Notes from an author: Will Ashon on Staten Island
The lesser-known New York borough gets short shrift from both locals and visitors, but it provided Will Ashon with a revelation that led to his latest book
In July 2017, I was in New York, finishing the research for my book, Chamber Music, a study of the first album by hip-hop group the Wu-Tang Clan. I say I was in New York, and of course I was, but there are certain caveats. I was staying with friends of friends in downtown Manhattan, but my days were spent in Staten Island, the original home of most of the band’s members.
Staten Island is the fifth borough of New York City, but most visitors to the city go there only for the briefest amount of time. That’s because the famous yellow ferries that chug back and forth across Upper New York Bay dock there after cutting a path past the Statue of Liberty and, on the return journey, offer a wonderful view of Manhattan. The top decks of these vessels, which are free to travel on, are crammed with tourists taking selfies, while downstairs the locals sit reading, chatting on the phone or listening to music.
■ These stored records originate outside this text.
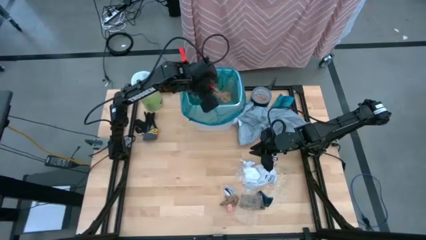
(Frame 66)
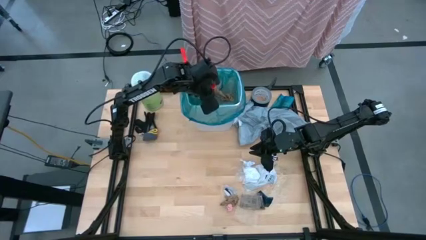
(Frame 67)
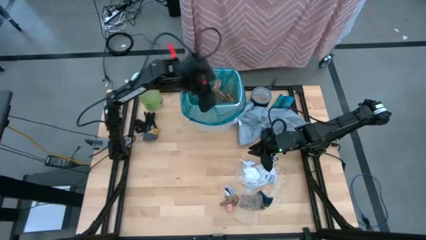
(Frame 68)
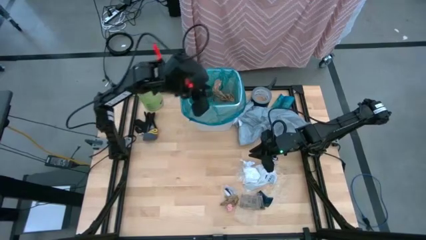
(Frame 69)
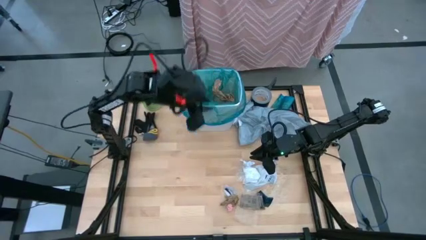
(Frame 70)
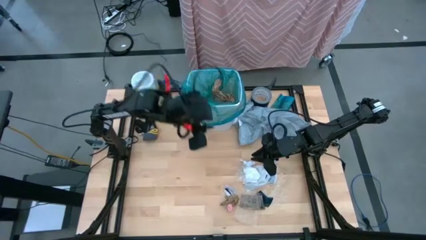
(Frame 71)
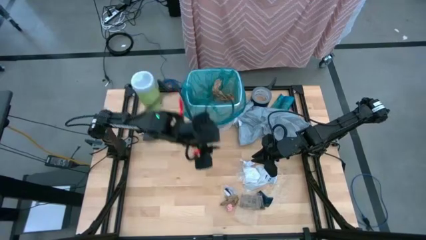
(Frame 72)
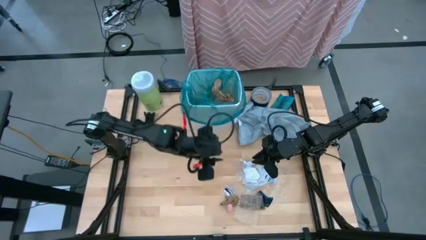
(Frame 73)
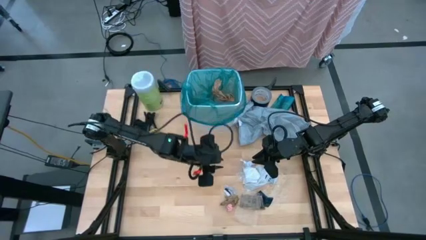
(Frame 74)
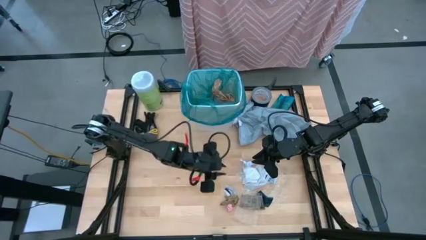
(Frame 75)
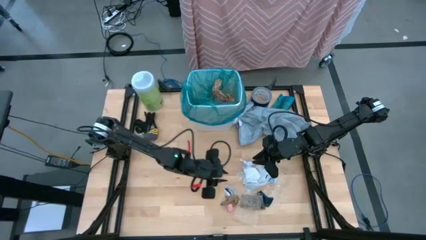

Most of the tourists never make it out of the ferry terminal at St George, where they wait for the next boat to carry them back to Manhattan. Much the same seems true for a lot of New Yorkers, who perhaps pop across to use the sports fields near the terminal or make a summer trip to the beaches along the East Shore. They have little affection for an area that feels closer — spiritually and geographically — to New Jersey. It’s the only borough of New York to have more homeowners than renters, the only borough to consistently vote Republican and the only place in the whole of the US where I have ever seen a man in an Italian national soccer shirt. Staten Island reminds me of the East London-Essex hinterlands and is treated by the rest of the city with much the same level of condescension.
My reasons for writing about the Wu-Tang Clan were complex, but had partly grown from an understanding about what I was doing as a novice nonfiction writer. A large part of putting a book of this sort together, it seemed to me, was to speak to a lot of people and then make patterns of the best and most interesting aspects of what everyone said, hopefully in such a way that the different elements reflected on and illuminated each other in new and interesting ways. My nonfiction work was therefore a type of collage. Of course, hip-hop itself is a collage form, particularly the early 1990s ‘Golden Era’ of sampling — music that has obsessed and enlightened me for the past 30 years.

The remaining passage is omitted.